Technology has great potential to improve student learning in different ways, but it requires us to be more mindful of the learning process while designing it.

 

Designing Products to Build Intrinsic Motivation

In a recent study researchers wanted to explore the relationship between rewards and motivation in the context of education. In order to understand the impact of gamified elements on student motivation and learning, they designed a long-term study for students enrolled in a semester long course. Students were divided into two groups – a gamified group that used a reward system aligned with the learning goals, and the control group that received the same instruction but without any gamified elements. They looked at student grades at the end of the course along with student surveys, and confirmed what some educators had always suspected.

The researchers found that the non-gamified group not only did better at the end of the semester exam, they also reported higher levels of motivation and satisfaction at the end of the class!

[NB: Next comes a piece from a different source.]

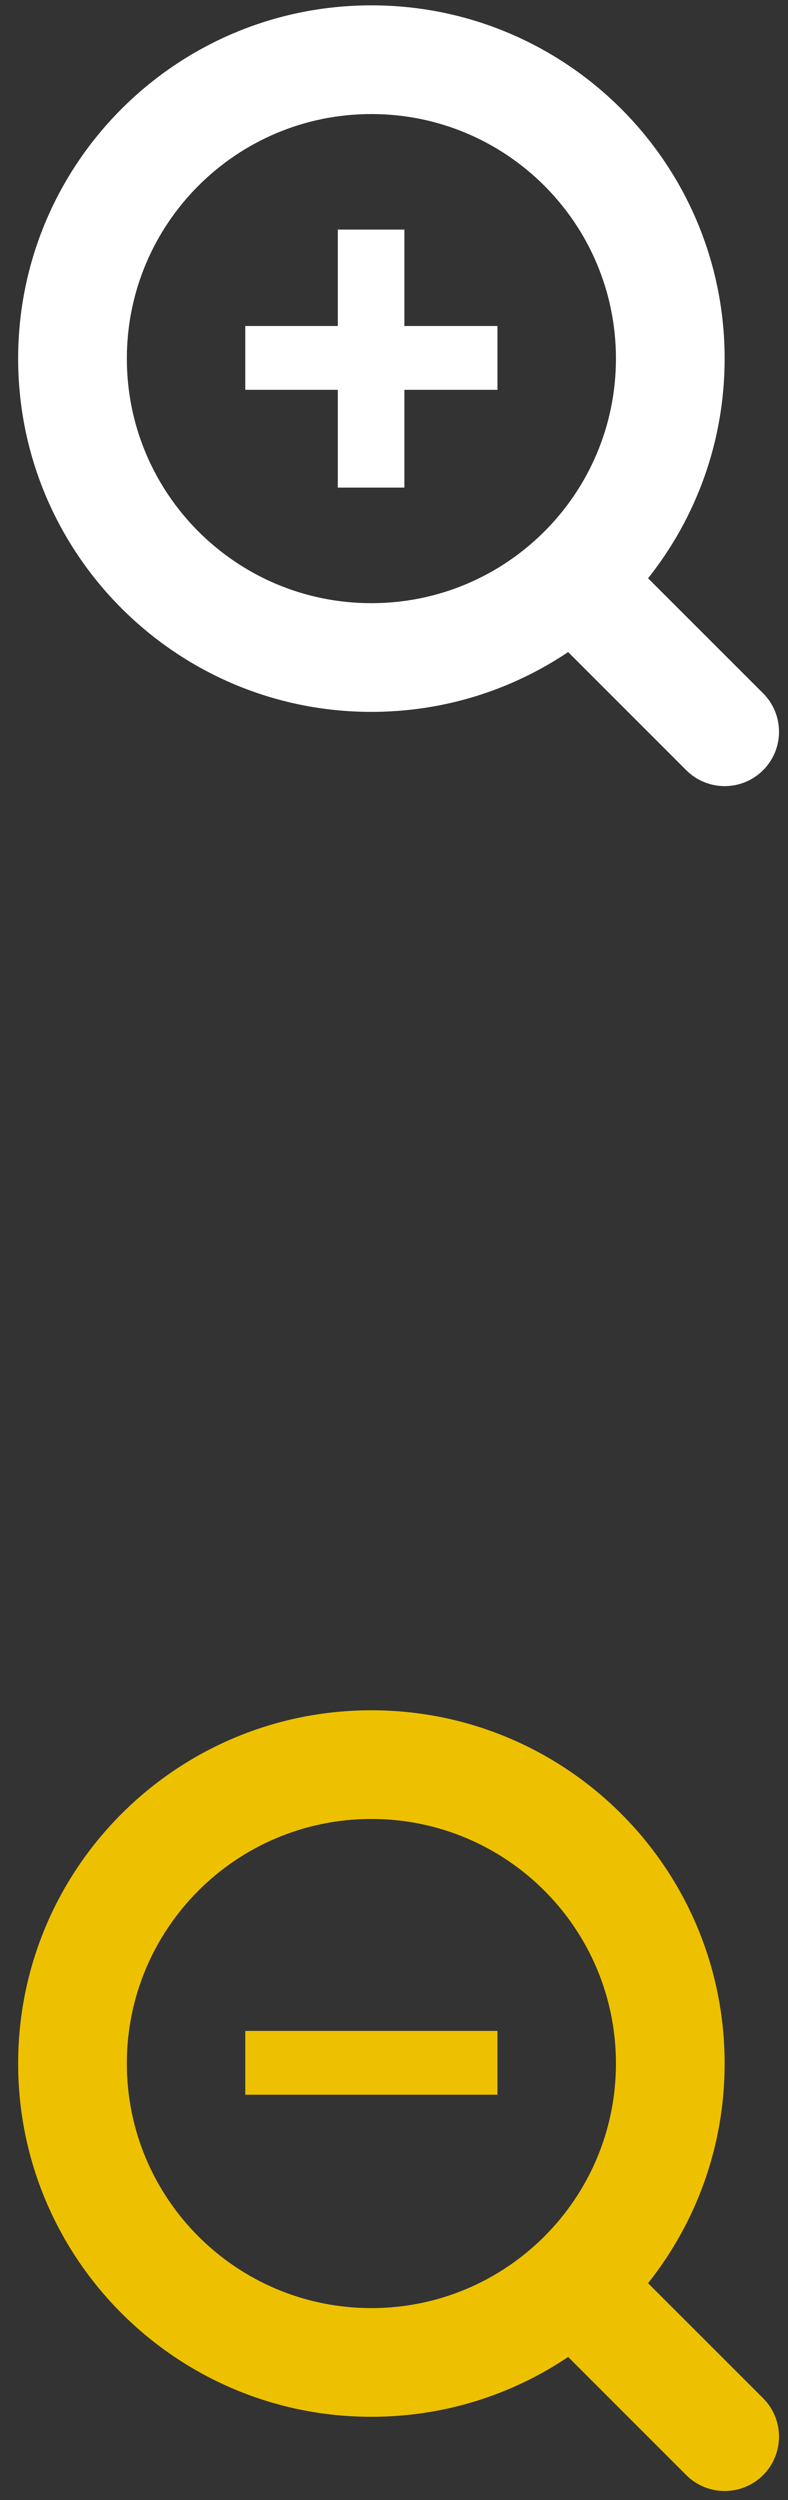<?xml version="1.0" encoding="UTF-8"?> <svg xmlns="http://www.w3.org/2000/svg" width="29" height="92" viewBox="0 0 29 92" fill="none"><rect x="0" y="0" width="29" height="92" fill="#333333" stroke="none"/> <path fill-rule="evenodd" clip-rule="evenodd" d="M13.668 22.197C18.639 22.197 22.668 18.168 22.668 13.197C22.668 8.227 18.639 4.197 13.668 4.197C8.697 4.197 4.668 8.227 4.668 13.197C4.668 18.168 8.697 22.197 13.668 22.197ZM23.85 21.281C25.614 19.061 26.668 16.252 26.668 13.197C26.668 6.018 20.848 0.197 13.668 0.197C6.488 0.197 0.668 6.018 0.668 13.197C0.668 20.377 6.488 26.197 13.668 26.197C16.349 26.197 18.84 25.386 20.91 23.995C20.928 24.014 20.946 24.033 20.965 24.052L25.255 28.343C26.036 29.124 27.302 29.124 28.084 28.343C28.864 27.561 28.864 26.295 28.084 25.514L23.85 21.281ZM9.027 14.345V11.997H12.432V8.449H14.882V11.997H18.307V14.345H14.882V17.944H12.432V14.345H9.027Z" fill="white"></path> <path fill-rule="evenodd" clip-rule="evenodd" d="M13.668 84.938C18.639 84.938 22.668 80.908 22.668 75.938C22.668 70.967 18.639 66.938 13.668 66.938C8.697 66.938 4.668 70.967 4.668 75.938C4.668 80.908 8.697 84.938 13.668 84.938ZM23.85 84.021C25.614 81.802 26.668 78.993 26.668 75.938C26.668 68.758 20.848 62.938 13.668 62.938C6.488 62.938 0.668 68.758 0.668 75.938C0.668 83.117 6.488 88.938 13.668 88.938C16.349 88.938 18.84 88.126 20.91 86.735C20.928 86.755 20.946 86.774 20.965 86.792L25.255 91.083C26.036 91.864 27.302 91.864 28.084 91.083C28.864 90.302 28.864 89.035 28.084 88.254L23.85 84.021ZM9.027 77.085V74.737H12.432L14.882 74.737L18.307 74.737V77.085H14.882L12.432 77.085L9.027 77.085Z" fill="#EDC100"></path> </svg>

As the researchers explain, “The results suggest that at best, our combination of leaderboards, badges, and competition mechanics do not improve educational outcomes and at worst can harm motivation, satisfaction, and empowerment. Further, in decreasing intrinsic motivation, it can affect students’ final exam scores.

While typical gaming elements like points and badges can lead to increased engagement in the short term, it is now believed that the initial appeal is due to a novelty effect, and that engagement and motivation decline as the novelty wears off. And this effect is more pronounced for younger age groups, where novelty and interest declines faster.

Educational products routinely employ rewards like badges and scores to get initial interest and traction among users, however, as research is now pointing out, these elements have negative long term consequences as they promote extrinsic motivation instead of building intrinsic motivation among students.

So,  how can we design educational products that focus on building students’ intrinsic motivation?

Edward Deci and Richard Ryan, professors of Psychology, have studied motivation for several decades and developed the Self Determination Theory (SDT) of motivation. According to their theory, three innate psychological needs play a role in motivation – competence, autonomy and relatedness. The main premise behind their theory is that humans have an inherent tendency to learn, have agency in their development and connect to others. Their theory has been widely used in many contexts, including gamification.

Based on the underlying theory of self determination, here are some high level product approaches that can be used in lieu of rewards to build the right kind of motivation:

Exploration

Creating a playful environment that leads to self-directed exploration ties to the underlying need for autonomy and competence. Games or products should allow for the freedom to fail, by allowing users to recover from mistakes without penalty. Games should also provide a freedom of choice, where users can decide what they want to work on or what skill to develop.

Feedback

In a classroom, feedback can be slow and constrained as teachers can only provide feedback one at a time. Games where feedback can be immediate can have a positive impact on the need for competency. Feedback messages that are actionable (guide the student in the right direction) and focus on growth mindset have been found to be effective.

Collaboration

A typical classroom environment fosters competition among students instead of collaboration, which in turn reduces intrinsic motivation. Elements like leaderboards have the same effect due to social comparison. A better way would be to design products that allow meaningful collaboration among students, and tap into the need for relatedness. Social cues that signal working together have been found to boost intrinsic motivation.  

 

Intrinsic motivation has been found to link positively to learning outcomes as well as personal wellbeing. Introducing the right kind of gamified elements into product elements can boost intrinsic motivation among students, but it involves walking away from more traditional elements in games like badges and points.